From then on afterward, her friends began dropping obvious hints that I should get together with her. One particular friend of mine did so too, because he had gotten to know her through me mostly. I still didn't know what to do, so I did nothing and didn't think much about it.
Gradually, my best friend and I, we drew apart. It might have been her doing, but for the most part I think it's because I was acting oblivious and not even saying anything. At this point, my friend was desperate, and he told me that my best friend thinks I don't like her, so she was trying to avoid me and get over the crush.
When my friend told me this, I was sad and angry at myself, because I had hurt my best friend's feelings.

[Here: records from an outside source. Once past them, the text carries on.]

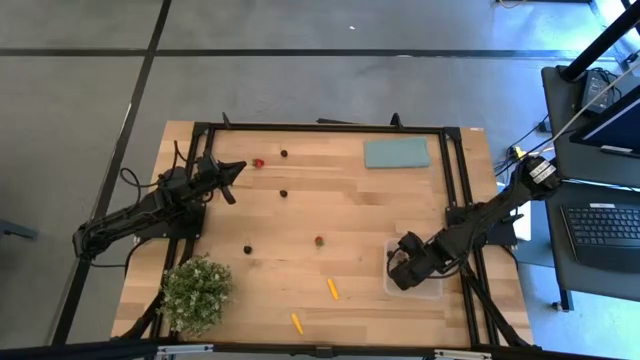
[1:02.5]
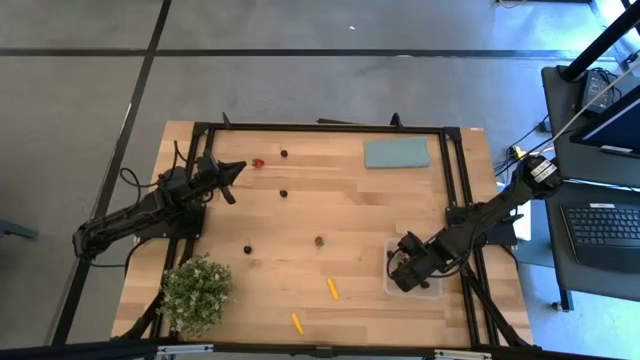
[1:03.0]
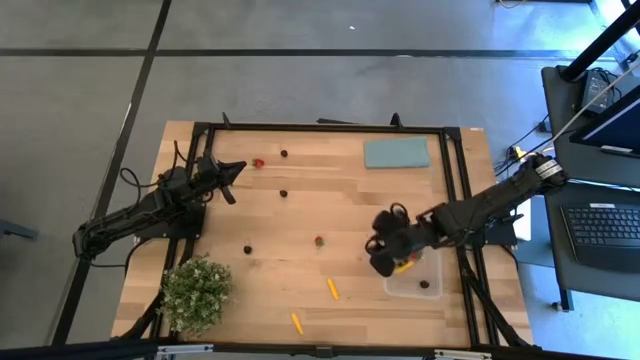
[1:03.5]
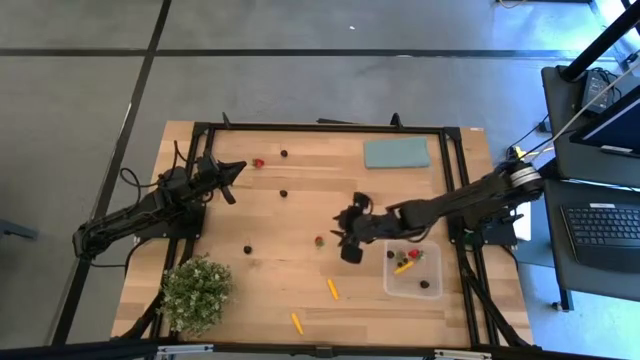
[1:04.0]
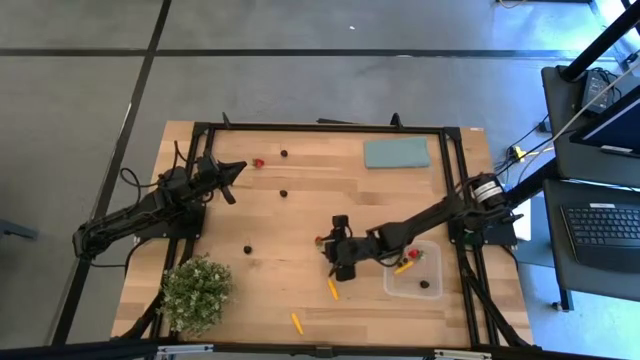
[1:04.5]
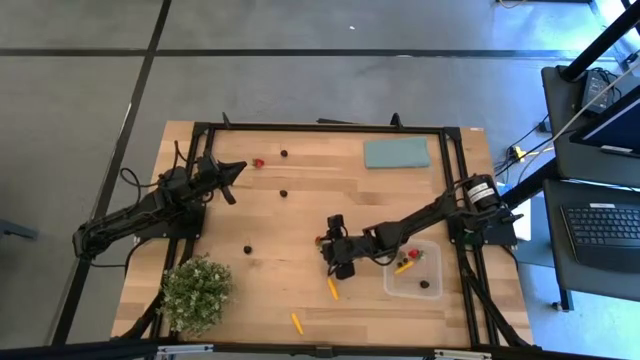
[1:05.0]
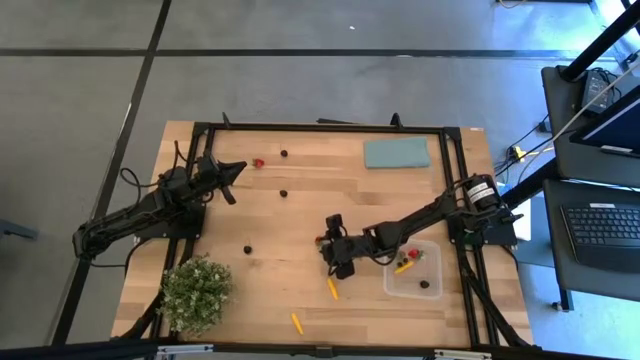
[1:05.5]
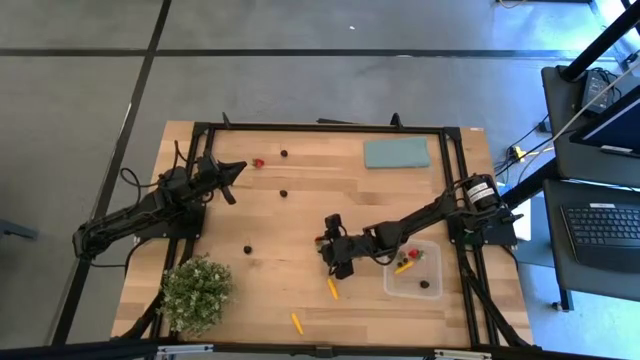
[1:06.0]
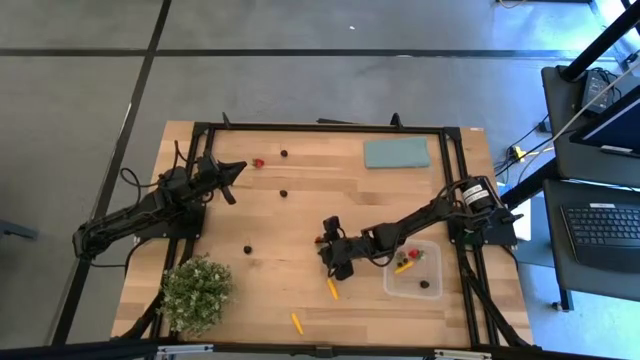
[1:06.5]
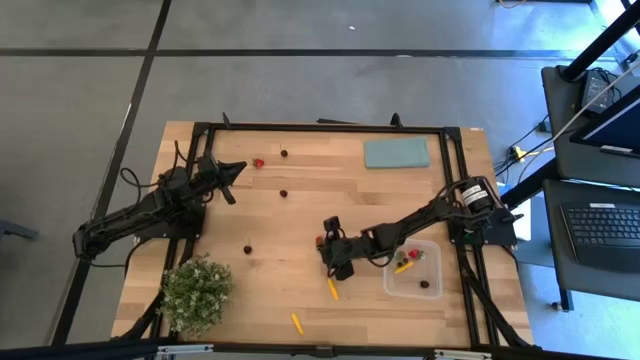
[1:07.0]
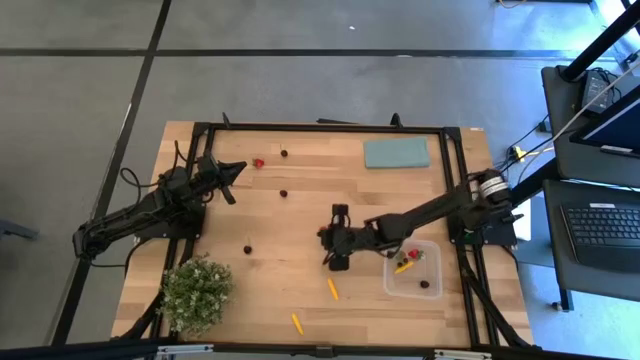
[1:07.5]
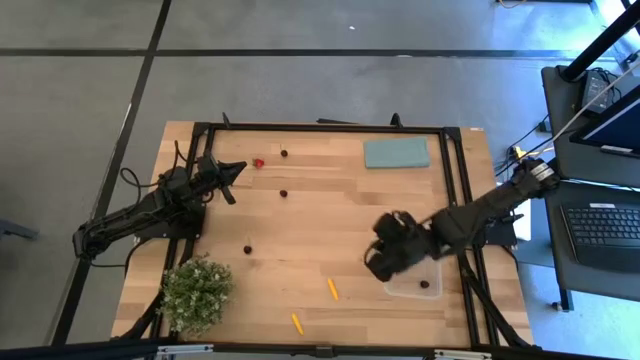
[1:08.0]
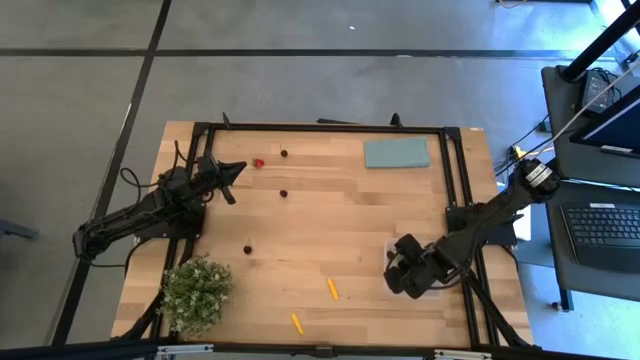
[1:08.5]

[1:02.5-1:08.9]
Task: Pick and placing Produce into tupperware
Put the bottom strawberry into the container

If there's one thing I never wanted to do, it's to hurt someone's feelings. Dad always told me to never hurt anyone's feelings, because feelings are a lot more valuable and fragile than the body (which to hurt occasionally is okay, but only at fight clubs and in emergencies). It wasn't that I had hurt my best friend's feelings because of something I said or did, it was because I didn't do anything when she said she likes me, and not doing anything turned out to be a lot worse than doing something.

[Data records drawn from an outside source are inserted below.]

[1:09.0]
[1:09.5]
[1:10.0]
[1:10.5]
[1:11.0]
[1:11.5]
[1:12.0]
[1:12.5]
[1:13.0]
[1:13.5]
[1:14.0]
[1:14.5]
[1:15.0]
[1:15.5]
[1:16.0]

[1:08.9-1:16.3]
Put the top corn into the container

I thought about it, as I had been doing for some time. I realized that I like her, I like her a lot and much more than the books she was writing, and to my surprise, a lot more than my favorite movies too.
Of course, I didn't have the guts to tell her so late after she told me that I like her too, so I was helped along by a wonderful coincidence. My best friend attended the same English class as me, and at that time we were studying short stories. At the end of the unit, our assignment was to write a short story, so this was what I wrote it on.

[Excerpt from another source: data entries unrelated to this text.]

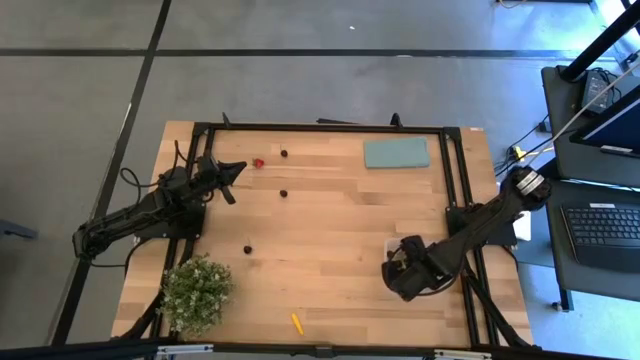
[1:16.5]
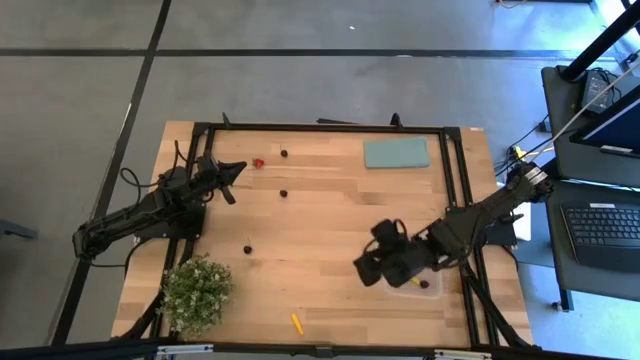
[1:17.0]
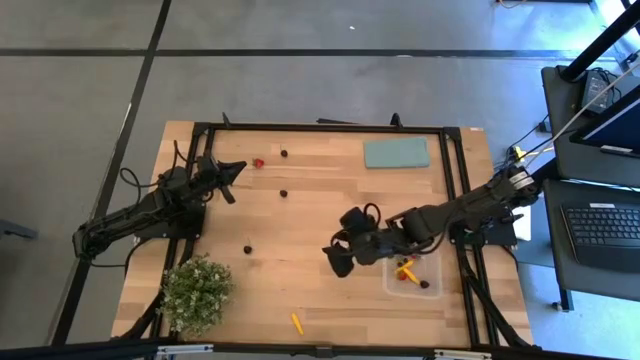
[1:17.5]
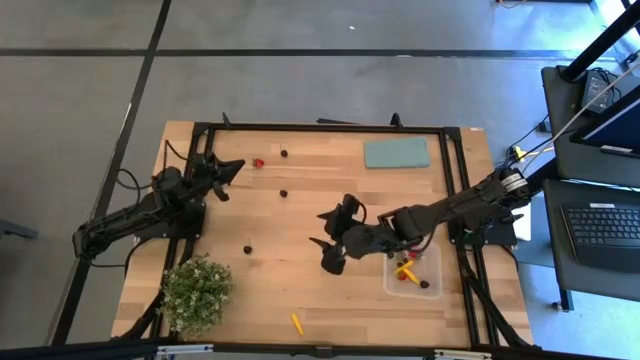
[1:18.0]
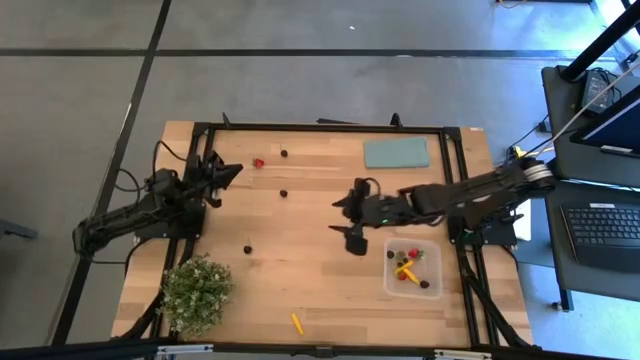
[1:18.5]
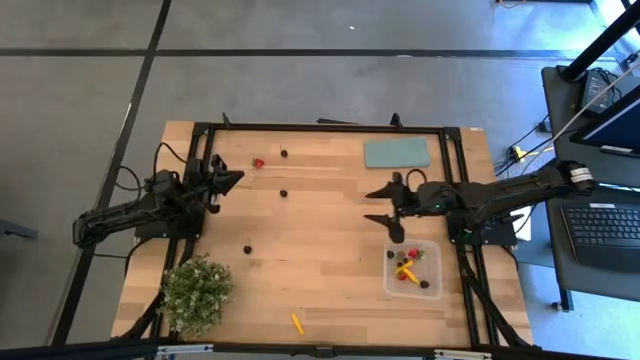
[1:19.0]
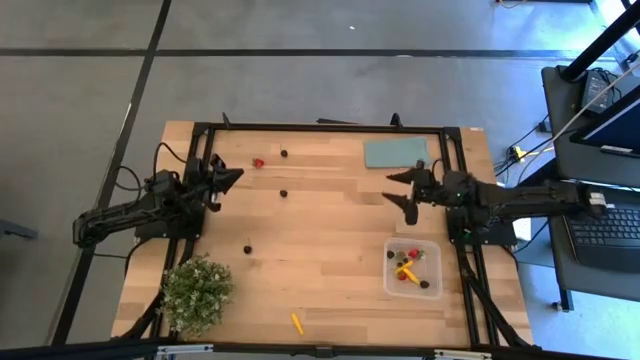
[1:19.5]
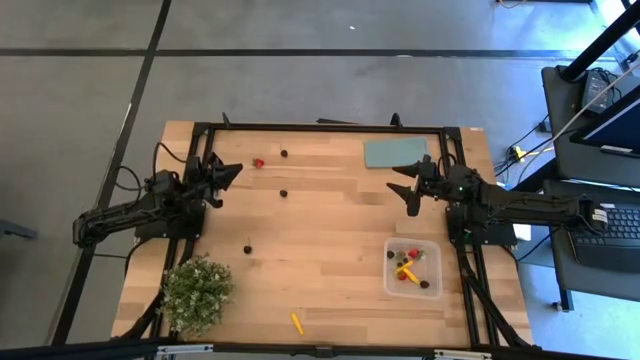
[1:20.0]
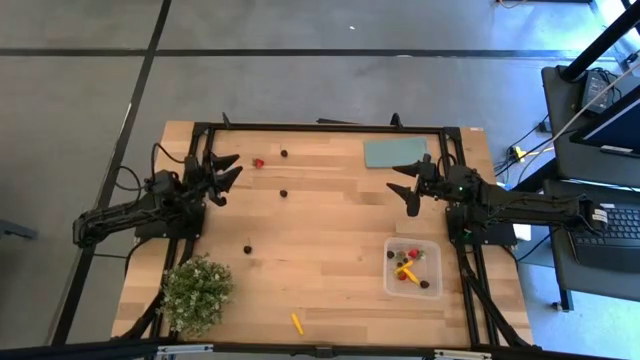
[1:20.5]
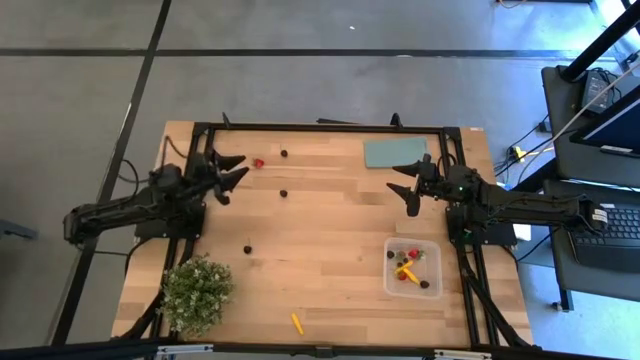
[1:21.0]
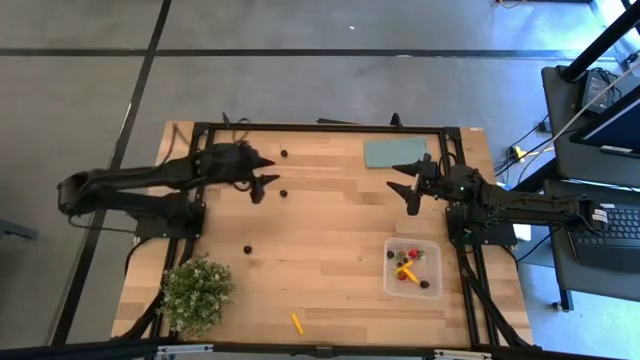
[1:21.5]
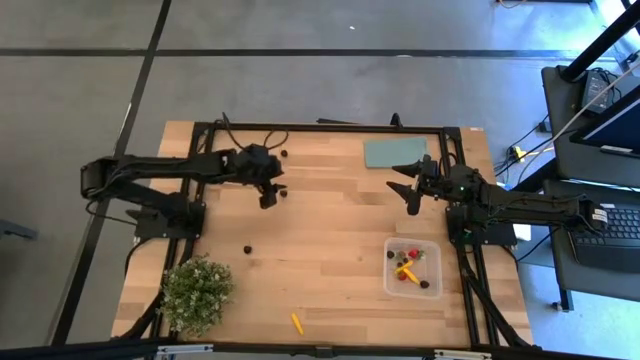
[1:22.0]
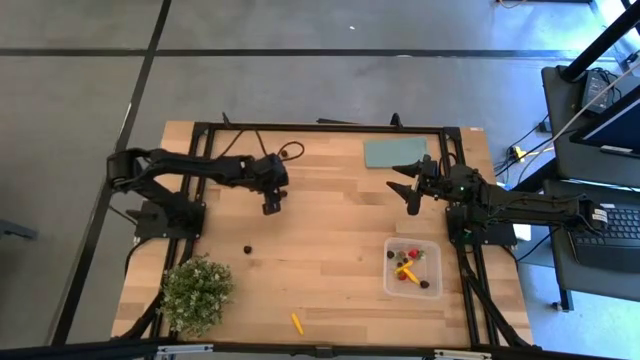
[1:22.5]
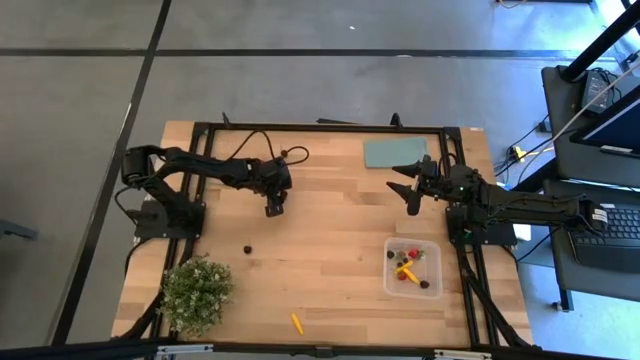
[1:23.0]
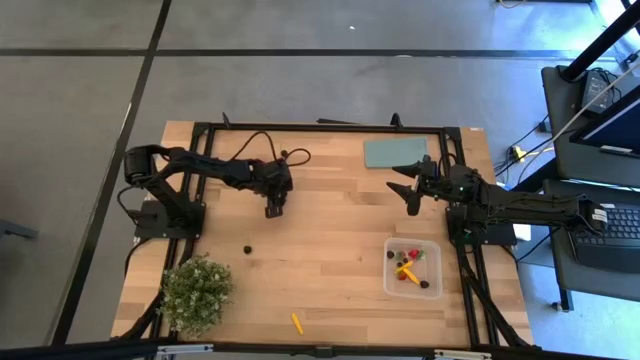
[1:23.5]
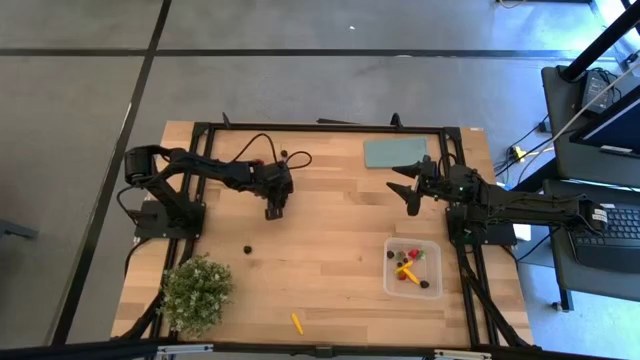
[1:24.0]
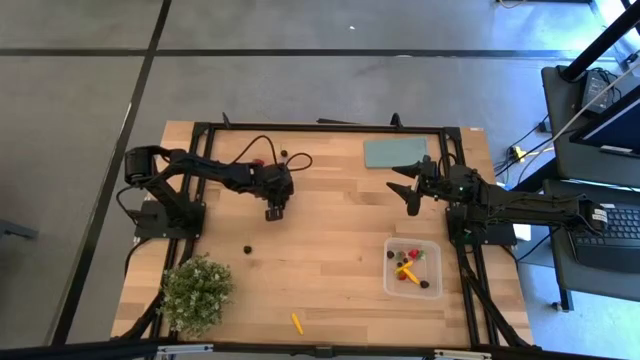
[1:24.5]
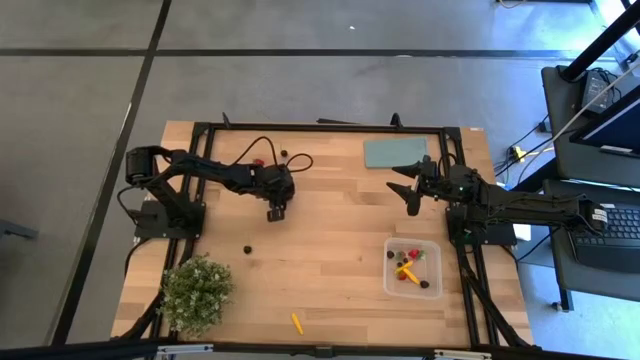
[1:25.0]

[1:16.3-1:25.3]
Put the blackberry into the container

I changed all the names and the places, but all of her friends and my friend too saw the parallel between my short story and what happened between me and my best friend.
In my story, the protagonist - a boy who likes movies - has a best friend - a girl who write books, which the boy also wants to do - who confessed to him that she has a crush on him. The boy was too shy to respond, and the girl thought he didn't like her. To make up for his mistake, he wrote a short story based on what happened between him and his best friend and read it aloud in class. The story was the same as the story he was in, with the main character writing a short story to tell his best friend that he likes her. In the end, the girl saw that the boy likes her too, and they joined hands and walked off into the sunset.
My English teacher loved my story, not because it was true (he didn't know that), but because I incorporated a story-within-a-story loop in my short story, and he complimented me, saying it was clever of me to have thought of that.
After school, my best friend walked up to me as I was walking home and said it was very touching of me to have done what I had done, she thought it was cute and she liked it very much. Then, she said if I wanted to cause a lot fewer misunderstandings like the one between me and her in the future, I'm going to have to learn to express myself better, of which I'll have plenty of practice, because from that moment on we were officially in a relationship.
That was how my best friend became my sweetheart.

I wanted to tell Heathcliff this story because I thought he doesn't have to try so very hard to woo Theo, because I'm sure that Theo is a good person who knows that Heathcliff's feelings are valuable and will value them like he values her.
When I get the chance, I'll tell Heathcliff this story...as soon as I lose the very angry Magic School Bus, which had just sped up and was near to catching up to the hovercraft.